Required work: Starting at the first line of the data and ending at the line with "#378 = CARTESIAN_POINT", copy each line exactly. Include both of those lines, but no pictures.

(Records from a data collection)
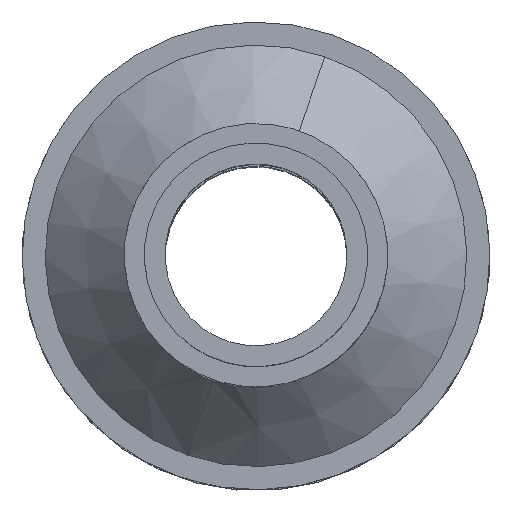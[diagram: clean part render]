
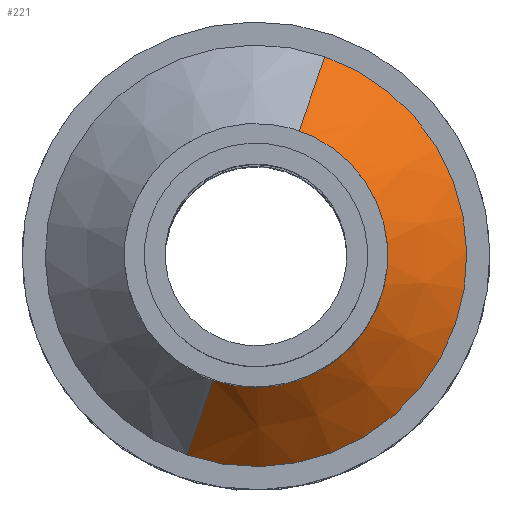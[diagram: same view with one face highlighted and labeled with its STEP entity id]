
A CAD part, top view. The second image highlights one B-rep face of the part: STEP entity #221.
In plain terms, the highlighted conical face has half-angle 45 degrees and reference radius 5.613 mm.
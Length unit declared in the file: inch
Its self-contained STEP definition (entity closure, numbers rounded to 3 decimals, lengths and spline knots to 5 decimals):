
#162 = EDGE_CURVE ( 'NONE', #1311, #1368, #381, .T. ) ;
#169 = EDGE_CURVE ( 'NONE', #1311, #1363, #1777, .T. ) ;
#221 = ADVANCED_FACE ( 'NONE', ( #526 ), #1738, .T. ) ;
#378 = CARTESIAN_POINT ( 'NONE',  ( 0.07219, 0.20888, 1.09771 ) ) ;
#381 = LINE ( 'NONE', #378, #1758 ) ;
#391 = DIRECTION ( 'NONE',  ( 0.231, 0.668, -0.707 ) ) ;
#408 = ORIENTED_EDGE ( 'NONE', *, *, #162, .F. ) ;
#417 = ORIENTED_EDGE ( 'NONE', *, *, #634, .T. ) ;
#422 = ORIENTED_EDGE ( 'NONE', *, *, #169, .T. ) ;
#424 = ORIENTED_EDGE ( 'NONE', *, *, #670, .T. ) ;
#469 = ORIENTED_EDGE ( 'NONE', *, *, #690, .F. ) ;
#526 = FACE_OUTER_BOUND ( 'NONE', #991, .T. ) ;
#540 = CARTESIAN_POINT ( 'NONE',  ( 0., 0., 1.09771 ) ) ;
#551 = DIRECTION ( 'NONE',  ( -0.327, -0.945, 0. ) ) ;
#553 = DIRECTION ( 'NONE',  ( -0.327, -0.945, 0. ) ) ;
#554 = DIRECTION ( 'NONE',  ( 0., 0., -1. ) ) ;
#555 = CARTESIAN_POINT ( 'NONE',  ( 0., 0., 1.09771 ) ) ;
#559 = DIRECTION ( 'NONE',  ( 0., 0., -1. ) ) ;
#634 = EDGE_CURVE ( 'NONE', #1363, #1321, #1661, .T. ) ;
#670 = EDGE_CURVE ( 'NONE', #1321, #1327, #1206, .T. ) ;
#690 = EDGE_CURVE ( 'NONE', #1368, #1327, #1520, .T. ) ;
#869 = DIRECTION ( 'NONE',  ( -0.327, -0.945, 0. ) ) ;
#871 = DIRECTION ( 'NONE',  ( 0., 0., -1. ) ) ;
#872 = CARTESIAN_POINT ( 'NONE',  ( 0., 0., 1.09771 ) ) ;
#991 = EDGE_LOOP ( 'NONE', ( #408, #422, #417, #424, #469 ) ) ;
#1135 = CARTESIAN_POINT ( 'NONE',  ( 0.07219, 0.20888, 1.09771 ) ) ;
#1153 = CARTESIAN_POINT ( 'NONE',  ( -0.07219, -0.20888, 1.09771 ) ) ;
#1160 = CARTESIAN_POINT ( 'NONE',  ( -0.11554, -0.33431, 0.965 ) ) ;
#1171 = CARTESIAN_POINT ( 'NONE',  ( 0.11554, 0.33431, 0.965 ) ) ;
#1172 = CARTESIAN_POINT ( 'NONE',  ( 0.09653, 0.19881, 1.09771 ) ) ;
#1206 = LINE ( 'NONE', #1207, #1504 ) ;
#1207 = CARTESIAN_POINT ( 'NONE',  ( -0.07219, -0.20888, 1.09771 ) ) ;
#1208 = DIRECTION ( 'NONE',  ( -0.231, -0.668, -0.707 ) ) ;
#1269 = CARTESIAN_POINT ( 'NONE',  ( 0., 0., 0.965 ) ) ;
#1270 = DIRECTION ( 'NONE',  ( 0., 0., -1. ) ) ;
#1271 = DIRECTION ( 'NONE',  ( -0.327, -0.945, 0. ) ) ;
#1311 = VERTEX_POINT ( 'NONE', #1135 ) ;
#1321 = VERTEX_POINT ( 'NONE', #1153 ) ;
#1327 = VERTEX_POINT ( 'NONE', #1160 ) ;
#1363 = VERTEX_POINT ( 'NONE', #1172 ) ;
#1368 = VERTEX_POINT ( 'NONE', #1171 ) ;
#1504 = VECTOR ( 'NONE', #1208, 39.37008 ) ;
#1520 = CIRCLE ( 'NONE', #1599, 0.35371 ) ;
#1599 = AXIS2_PLACEMENT_3D ( 'NONE', #1269, #1270, #1271 ) ;
#1637 = AXIS2_PLACEMENT_3D ( 'NONE', #872, #871, #869 ) ;
#1661 = CIRCLE ( 'NONE', #1637, 0.221 ) ;
#1712 = AXIS2_PLACEMENT_3D ( 'NONE', #555, #554, #553 ) ;
#1730 = AXIS2_PLACEMENT_3D ( 'NONE', #540, #559, #551 ) ;
#1738 = CONICAL_SURFACE ( 'NONE', #1730, 0.221, 0.785 ) ;
#1758 = VECTOR ( 'NONE', #391, 39.37008 ) ;
#1777 = CIRCLE ( 'NONE', #1712, 0.221 ) ;

Answer box:
[diagram: clean part render]
[diagram: same view with one face highlighted and labeled with its STEP entity id]
A CAD part, top view. The second image highlights one B-rep face of the part: STEP entity #221.
In plain terms, the highlighted conical face has half-angle 45 degrees and reference radius 5.613 mm.
Length unit declared in the file: inch
Its self-contained STEP definition (entity closure, numbers rounded to 3 decimals, lengths and spline knots to 5 decimals):
#162 = EDGE_CURVE ( 'NONE', #1311, #1368, #381, .T. ) ;
#169 = EDGE_CURVE ( 'NONE', #1311, #1363, #1777, .T. ) ;
#221 = ADVANCED_FACE ( 'NONE', ( #526 ), #1738, .T. ) ;
#378 = CARTESIAN_POINT ( 'NONE',  ( 0.07219, 0.20888, 1.09771 ) ) ;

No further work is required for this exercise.